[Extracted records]
════════════════

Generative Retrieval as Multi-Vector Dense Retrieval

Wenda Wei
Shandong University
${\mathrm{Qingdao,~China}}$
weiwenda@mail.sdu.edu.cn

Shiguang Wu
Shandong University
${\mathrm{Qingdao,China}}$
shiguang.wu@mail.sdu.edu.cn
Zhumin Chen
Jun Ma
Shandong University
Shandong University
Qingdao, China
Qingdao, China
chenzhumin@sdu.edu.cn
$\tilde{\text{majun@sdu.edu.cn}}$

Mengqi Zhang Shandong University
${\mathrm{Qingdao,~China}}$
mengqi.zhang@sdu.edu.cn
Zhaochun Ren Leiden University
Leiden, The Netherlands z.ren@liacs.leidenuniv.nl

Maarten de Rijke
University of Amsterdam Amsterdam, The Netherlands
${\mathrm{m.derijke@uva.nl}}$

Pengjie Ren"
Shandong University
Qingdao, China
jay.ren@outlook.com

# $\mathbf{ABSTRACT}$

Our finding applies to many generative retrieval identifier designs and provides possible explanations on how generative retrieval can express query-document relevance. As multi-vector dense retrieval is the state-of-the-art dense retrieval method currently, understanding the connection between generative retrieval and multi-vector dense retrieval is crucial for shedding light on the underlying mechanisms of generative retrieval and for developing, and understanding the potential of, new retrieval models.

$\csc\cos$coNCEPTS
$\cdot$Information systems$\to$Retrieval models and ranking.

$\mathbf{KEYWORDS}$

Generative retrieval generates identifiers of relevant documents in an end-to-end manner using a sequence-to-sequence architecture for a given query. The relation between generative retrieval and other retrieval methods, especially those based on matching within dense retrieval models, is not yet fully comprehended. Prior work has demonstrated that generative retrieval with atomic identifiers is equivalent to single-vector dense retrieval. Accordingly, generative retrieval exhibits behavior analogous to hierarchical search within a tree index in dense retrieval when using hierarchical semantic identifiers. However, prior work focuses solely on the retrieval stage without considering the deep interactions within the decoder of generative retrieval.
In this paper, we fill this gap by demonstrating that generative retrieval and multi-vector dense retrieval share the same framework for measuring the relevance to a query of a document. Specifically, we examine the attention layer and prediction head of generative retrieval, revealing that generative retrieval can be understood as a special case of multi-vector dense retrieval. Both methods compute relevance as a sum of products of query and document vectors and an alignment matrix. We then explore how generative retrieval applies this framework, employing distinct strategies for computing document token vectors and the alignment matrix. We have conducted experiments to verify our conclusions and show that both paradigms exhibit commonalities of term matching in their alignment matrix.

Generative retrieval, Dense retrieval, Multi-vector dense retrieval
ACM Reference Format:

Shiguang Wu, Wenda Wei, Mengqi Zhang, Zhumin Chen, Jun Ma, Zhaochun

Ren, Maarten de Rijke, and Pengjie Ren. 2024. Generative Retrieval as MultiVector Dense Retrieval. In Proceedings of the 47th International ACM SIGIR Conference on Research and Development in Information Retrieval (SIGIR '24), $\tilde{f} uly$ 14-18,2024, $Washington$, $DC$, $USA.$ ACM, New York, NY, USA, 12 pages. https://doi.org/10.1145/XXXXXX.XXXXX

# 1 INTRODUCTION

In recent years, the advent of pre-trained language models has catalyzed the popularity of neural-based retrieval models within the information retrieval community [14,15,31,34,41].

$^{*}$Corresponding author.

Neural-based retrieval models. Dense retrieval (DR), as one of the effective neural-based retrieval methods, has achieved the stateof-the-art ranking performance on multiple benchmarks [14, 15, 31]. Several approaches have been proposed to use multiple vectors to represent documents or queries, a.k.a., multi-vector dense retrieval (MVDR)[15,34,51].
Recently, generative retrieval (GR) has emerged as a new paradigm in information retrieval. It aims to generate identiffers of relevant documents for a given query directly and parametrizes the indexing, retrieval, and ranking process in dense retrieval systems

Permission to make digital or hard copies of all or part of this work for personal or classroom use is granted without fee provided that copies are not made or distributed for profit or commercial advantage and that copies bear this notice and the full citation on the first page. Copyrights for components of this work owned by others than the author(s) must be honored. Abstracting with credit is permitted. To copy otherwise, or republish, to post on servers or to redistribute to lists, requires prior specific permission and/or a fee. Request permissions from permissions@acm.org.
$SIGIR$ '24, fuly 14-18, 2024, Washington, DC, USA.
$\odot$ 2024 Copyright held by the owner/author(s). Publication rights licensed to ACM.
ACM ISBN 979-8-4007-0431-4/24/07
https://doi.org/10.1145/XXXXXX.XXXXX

════════════════

▶ **Assignment**
Each line from the one containing "Washington, DC, USA." to the last line above must be returned exactly, and no line outside that range.

▶ **Task answer**
$SIGIR$ '24, fuly 14-18, 2024, Washington, DC, USA.
$\odot$ 2024 Copyright held by the owner/author(s). Publication rights licensed to ACM.
ACM ISBN 979-8-4007-0431-4/24/07
https://doi.org/10.1145/XXXXXX.XXXXX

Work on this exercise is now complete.